__Exercise aim__:
Give only the number of lines in these records that contain the word "present".

(Dataset entries)
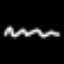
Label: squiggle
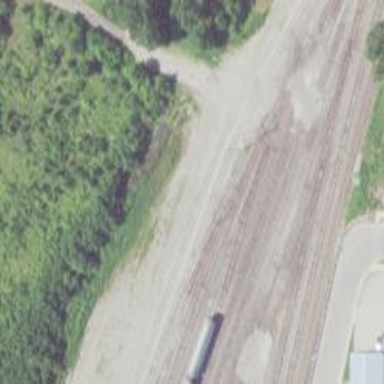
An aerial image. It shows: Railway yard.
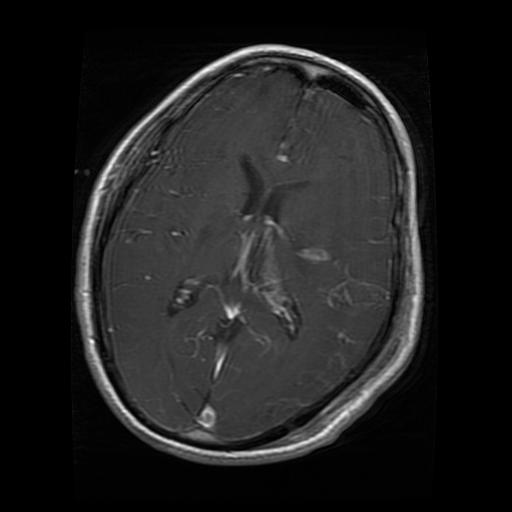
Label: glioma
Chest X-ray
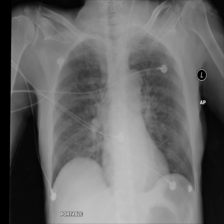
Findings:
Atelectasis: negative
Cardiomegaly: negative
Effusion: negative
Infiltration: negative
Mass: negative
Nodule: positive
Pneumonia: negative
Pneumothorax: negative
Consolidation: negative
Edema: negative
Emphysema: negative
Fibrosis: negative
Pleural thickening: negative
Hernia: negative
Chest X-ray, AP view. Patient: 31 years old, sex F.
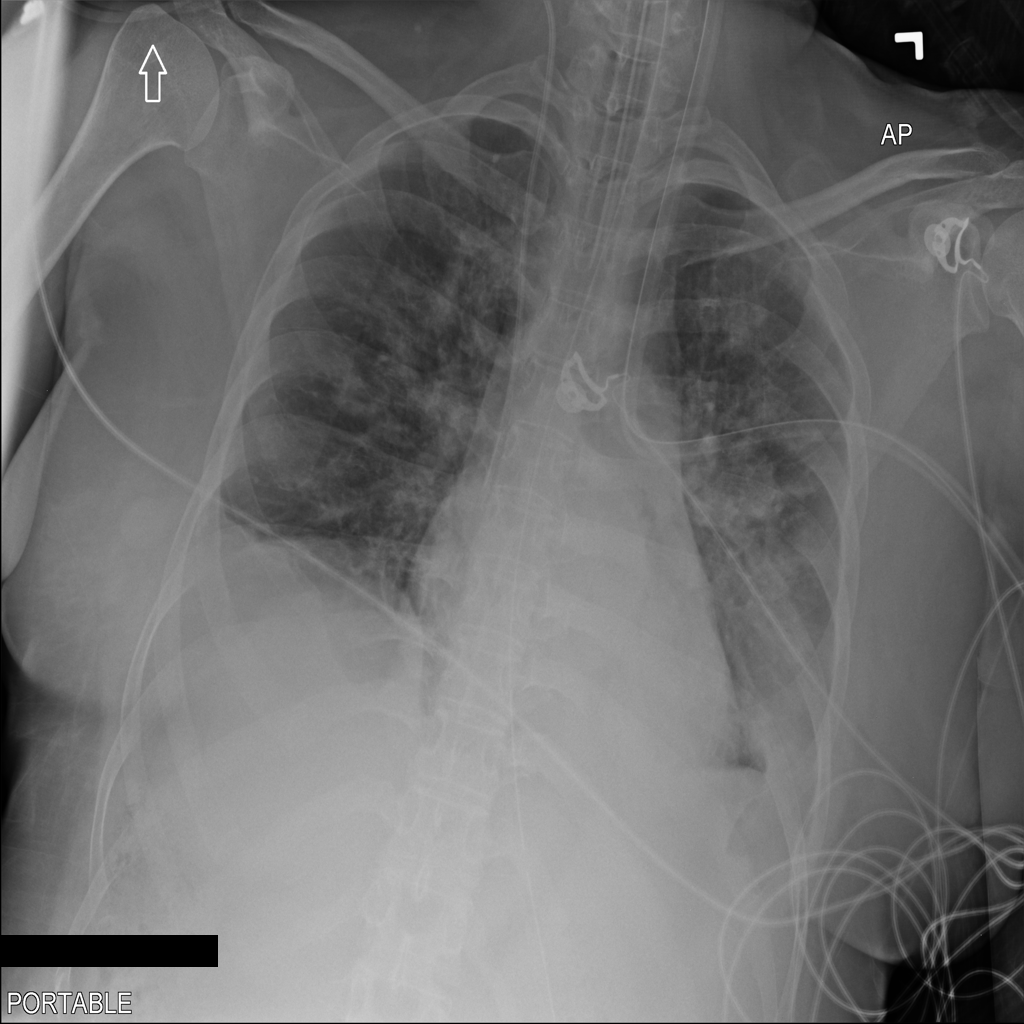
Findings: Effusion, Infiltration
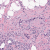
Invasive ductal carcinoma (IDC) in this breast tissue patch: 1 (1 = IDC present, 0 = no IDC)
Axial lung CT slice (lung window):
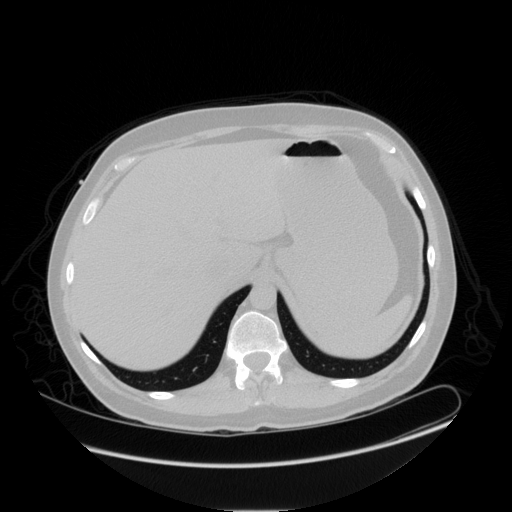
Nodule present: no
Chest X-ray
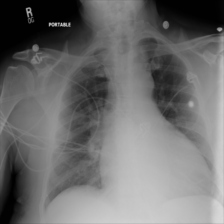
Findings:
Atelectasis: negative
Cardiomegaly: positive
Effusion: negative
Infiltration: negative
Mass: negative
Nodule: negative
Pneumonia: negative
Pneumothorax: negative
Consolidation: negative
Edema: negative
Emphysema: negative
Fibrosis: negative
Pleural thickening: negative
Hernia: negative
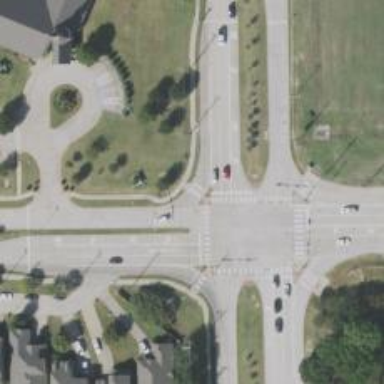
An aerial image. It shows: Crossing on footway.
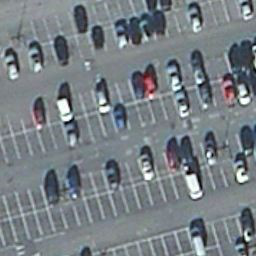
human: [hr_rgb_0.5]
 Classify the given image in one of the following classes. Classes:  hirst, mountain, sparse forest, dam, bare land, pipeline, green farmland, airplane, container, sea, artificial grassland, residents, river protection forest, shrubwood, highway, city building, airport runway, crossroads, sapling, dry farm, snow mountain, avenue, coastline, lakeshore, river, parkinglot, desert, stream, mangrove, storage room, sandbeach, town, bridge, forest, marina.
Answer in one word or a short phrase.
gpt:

__Response to the task__:
2